Эрит вздрогнул, его искаженное гневом лицо внезапно вытянулось. Он посмотрел на Оливию, впервые с той минуты, как вошел в комнату, и тотчас же понял, что натворил. Горечь и сожаление мелькнули в его глазах, теперь уже не серебристых, но свинцово-серых.
Оливия постаралась принять решительный и бесстрастный вид, но Джулиан знал ее слишком хорошо, чтобы маска безразличия могла его обмануть. Оставалось только молиться, что граф не догадается, как она страдает. Оливии не хотелось доставлять ему это удовольствие, показывать, как больно он ее ранил.
Господи, ну почему он был так жесток? Зачем ему понадобилось терзать ее душу?
У Джулиана были все основания гневаться, но он должен был знать, что Оливия никогда не причинила бы зла ни ему, ни его семье. Он должен был сознавать, что, обращаясь с ней как с презренной шлюхой, разрушает всякое доверие, возникшее между ними.
Плечи Эрита поникли, его заносчивость исчезла.
— О черт, Оливия, прости меня. Ты этого не заслужила. Я вел себя как дикарь.
Джулиан казался потрясенным, смущенным. Он вновь превратился в восхитительного, чуткого, страстного любовника, чья нежность наполняла сиянием ее жизнь.
Оливию захлестнула волна горечи. Как он может притворяться, что любит, и быть насквозь фальшивым? Признаваясь в любви, он лгал. В его сердце живет одно лишь презрение.
Эрит взволнованно взъерошил волосы. Прежде этот жест казался Оливии очаровательным, но теперь вызвал лишь глухую боль. Ей потребовалась вся ее воля. Сила духа не раз помогала ей выжить, пройти через испытания, которые сломили бы любую другую женщину.
Она повернулась к Роме, глядевшей на отца со смесью тревоги и жгучего любопытства.
— Леди Рома, присядьте, пожалуйста. Я распоряжусь, чтобы принесли еще чаю, и попрошу слуг убрать в комнате.
— Ковер загублен, — беспомощно отозвалась Рома. «Загублен ковер, чайный сервиз и вся моя жизнь», — хотела сказать Оливия, но промолчала. Достаточно спектаклей для одного вечера.
— Это не важно. — Призвав на помощь все свое самообладание, Оливия повернулась к Джулиану: — Милорд?
Не скрывая нетерпения, Эрит шагнул к дивану и уселся рядом с дочерью.

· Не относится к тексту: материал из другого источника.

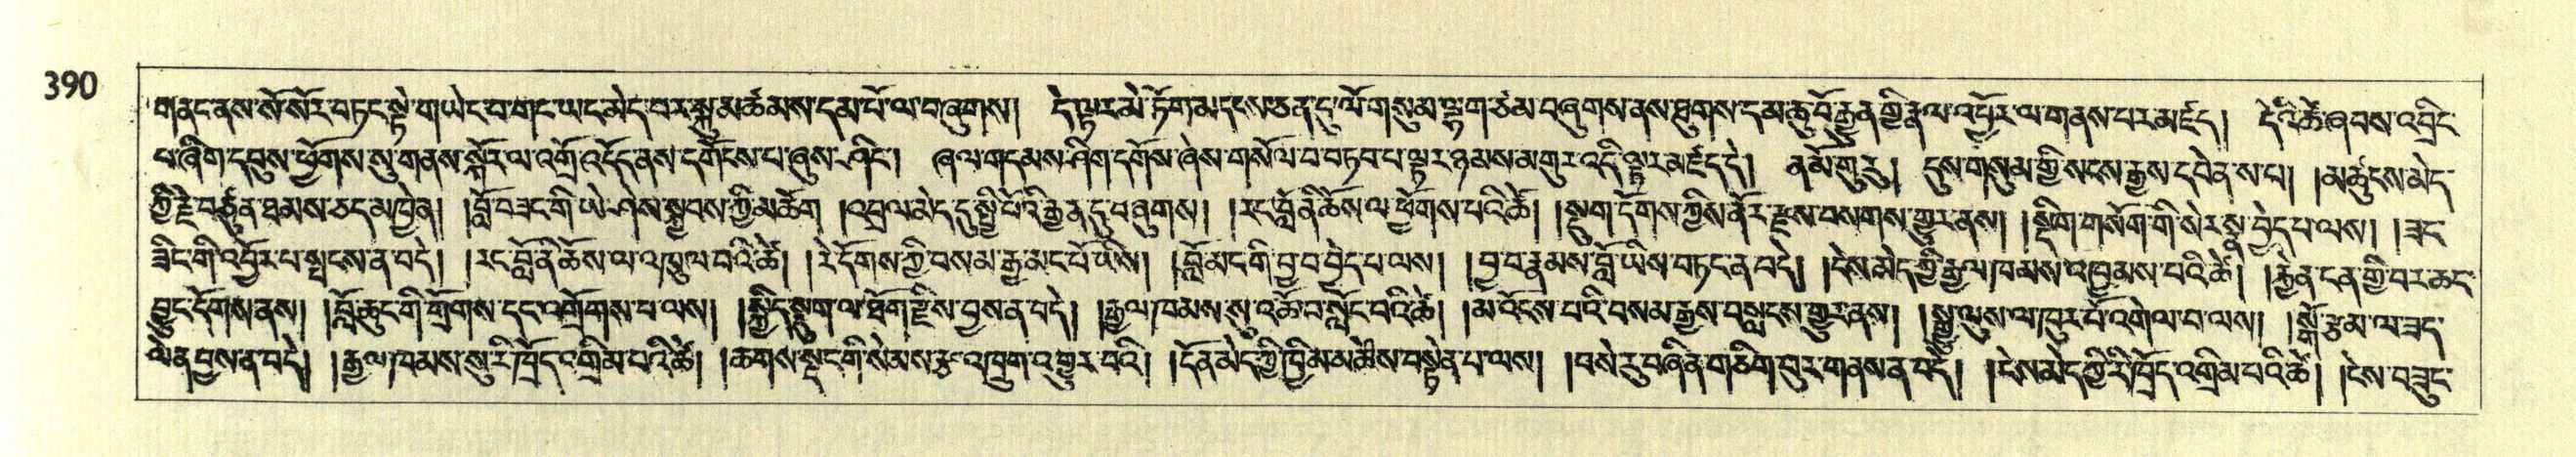གནང་ནས་སོ་སོར་བཏང་སྟེ་གཡེང་བ་གང་ཡང་མེད་བར་སྐུ་མཚམས་དམ་པོ་ལ་བཞུགས། དེ་ལྟར་མེ་ཏོག་མདངས་ཅན་དུ་ལོ་གསུམ་ལྷག་ཙམ་བཞུགས་ནས་ཐུགས་དམ་ཆུ་བོ་རྒྱུན་གྱི་རྣལ་འབྱོར་ལ་གནས་པར་མཛད། དེའི་ཚེ་ཞབས་འབྲིང་
པ་ཞིག་དབུས་ཕྱོགས་སུ་གནས་སྐོར་ལ་འགྲོ་འདོད་ནས་དགོངས་པ་ཞུས་ཤིང་། ཞལ་གདམས་ཤིག་དགོས་ཞེས་གསོལ་བ་བཏབ་པ་ལྟར་ཉམས་མགུར་འདི་ལྟར་མཛད་དེ། ན་མོ་གུ་རུ། དུས་གསུམ་གྱི་སངས་རྒྱས་དབེན་ས་པ། །མཚུངས་མེད་
ཀྱི་རྗེ་བཙུན་ཐམས་ཅད་མཁྱེན། །བློ་བཟང་གི་ཡེ་ཤེས་སྐྱབས་ཀྱི་མཆོག །འབྲལ་མེད་དུ་སྤྱི་པོའི་རྒྱན་དུ་བཞུགས། །རང་བློ་ནི་ཆོས་ལ་ཕྱོགས་པའི་ཚེ། །སྡུག་དོགས་ཀྱིས་ནོར་རྫས་བསགས་གྱུར་ནས། །སྡིག་གསོག་གི་སེར་སྣ་བྱེད་པ་ལས། །ཟང་
ཟིང་གི་འབྱོར་པ་སྤངས་ན་བདེ། །རང་བློ་ནི་ཆོས་ལ་འཁུལ་བའི་ཚེ། །རེ་དོགས་ཀྱི་བསམ་རྒྱ་མང་པོ་ཡིས། །བློ་མང་གི་བྱ་བ་བྱེད་པ་ལས། །བྱ་བ་རྣམས་བློ་ཡིས་བཏང་ན་བདེ། །ངེས་མེད་ཀྱི་རྒྱལ་ཁམས་འཁྱམས་པའི་ཚེ། །རྐྱེན་ངན་གྱི་བར་ཆང་
བྱུང་དོགས་ནས། །བློ་ཆུང་གི་གྲོགས་དང་འགྲོགས་པ་ལས། །སྐྱིད་སྡུག་ལ་ཐོག་རྫིས་བྱས་ན་བདེ། །རྒྱལ་ཁམས་སུ་འཆོ་བ་སློང་བའི་ཚེ། །མ་འོངས་པའི་བསམ་རྒྱས་བསླངས་གྱུར་ནས། །སྒྱུ་ལུས་ལ་ཁུར་པོ་འགྲེལ་བ་ལས། །སྒོ་རྩམ་ལ་ཟད་
ལེན་བྱས་ན་བདེ། །རྒྱལ་ཁམས་སུ་རི་ཁྲོད་འགྲིམ་པའི་ཚེ། །ཆགས་སྡང་གི་སེམས་རྩ་འཁྲུག་འགྱུར་བའི། །དོན་མེད་ཀྱི་ཁྱིམ་མཚེས་བསྟེན་པ་ལས། །བསེ་རུ་བཞིན་གཅིག་བུར་གནས་ན་བདེ། །ངེས་མེད་ཀྱི་རི་ཁྲོད་འགྲིམ་པའི་ཚེ། །ངེས་བཟུང་

Оливия дернула сонетку, и пока вышколенные слуги (куртизанка с грустью подумала о том, как ей будет их не хватать) наводили порядок, убирая с пола осколки фарфора и остатки еды, в комнате повисла гнетущая тишина.
К тому времени как слуги ушли, Джулиан успел обуздать свой гнев, а леди Рома уже не выглядела так, будто ее раздирают два противоречивых желания: то ли разразиться слезами, то ли наброситься на отца с кочергой или каминными щипцами.
Оливия горько вздохнула. Как бы ей хотелось ожесточить свое сердце против Джулиана. С каждой минутой ее все больше охватывал гнев. Но сильнее гнева терзала ее острая, мучительная боль: Джулиан пробудил в ней любовь, создал драгоценный храм, а затем грубо, безжалостно разрушил его. Лучше бы ей никогда не встречать лорда Эрита.
— Подайте чай, Лейтем, — попросила она, когда комната вновь приобрела опрятный вид.
— Нет. — Эрит вскочил с дивана. Привычная властность вернулась к нему. Холодный и бесстрастный, он напомнил Оливии того мужчину, что предложил ей сделку в гостиной у Перри. Этот мужчина был ей неприятен. Подождав, пока дворецкий скроется за дверью, Джулиан продолжил: — Оливия, я должен отвезти Рому домой. Чем дольше она здесь остается, тем больше опасность, что поползут слухи. Слуги нам преданы, и все же…
— Слуги есть слуги, — закончила за него фразу Оливия. Маска светскости надежно скрывала ее истинные чувства. Что толку стенать, что Джулиан разбил ей сердце и разрушил жизнь? Остается только собрать осколки и жить дальше.
Эрит повернулся к дочери:
— Тебя привело сюда лишь пустое любопытство? Если так, эта прихоть может обойтись тебе куда дороже, чем ты думаешь.
В голосе графа уже не слышалось гнева, только горькое разочарование. Щеки его дочери вспыхнули от унижения. Рома смущенно покосилась на Оливию.
— Я хотела поговорить с мисс Рейнз.
Оливия удивленно вскинула брови. Ее изумило, что знатная молодая леди так уважительно говорит о ней. Тем более что прежде дочь Эрита именовала Оливию не иначе как дешевой потаскушкой.
Девочка определенно заслуживала уважения. Да, леди Рома была избалованной и безрассудной, но в ней чувствовался характер. Оставалось лишь надеяться, что Джулиан не сломает ей хребет, прежде чем душа ее засияет в полную мощь.
— Не представляю о чем, — сухо бросил Эрит. Оливия невольно вздрогнула. Разумеется, у грязной шлюхи и прелестной невинной дочери лорда нет ничего общего. За исключением любви к графу Эриту, но такую мелочь Джулиан не принимает в расчет.
— Оставьте леди Рому в покое, милорд, — холодно произнесла куртизанка. — Она понимает, что ей не следовало сюда приходить, и никогда больше не совершит подобной ошибки. — Оливия пересекла комнату и встала рядом с девушкой. — Ваш отец прав, миледи. Я отведу вас наверх, где вы сможете умыться, а затем вам следует покинуть этот дом.
— Спасибо. — Рома поднялась с дивана. Оливия перевела взгляд на Джулиана:
— Я предлагаю незаметно отвести леди Рому в конюшню, а затем посадить в вашу карету, милорд.
Эрит испытующе посмотрел на Оливию, оставив без внимания ее холодно-вежливый, сдержанный тон.
— Да. Мой экипаж стоит у ваших дверей, едва ли он вызовет чье-то любопытство.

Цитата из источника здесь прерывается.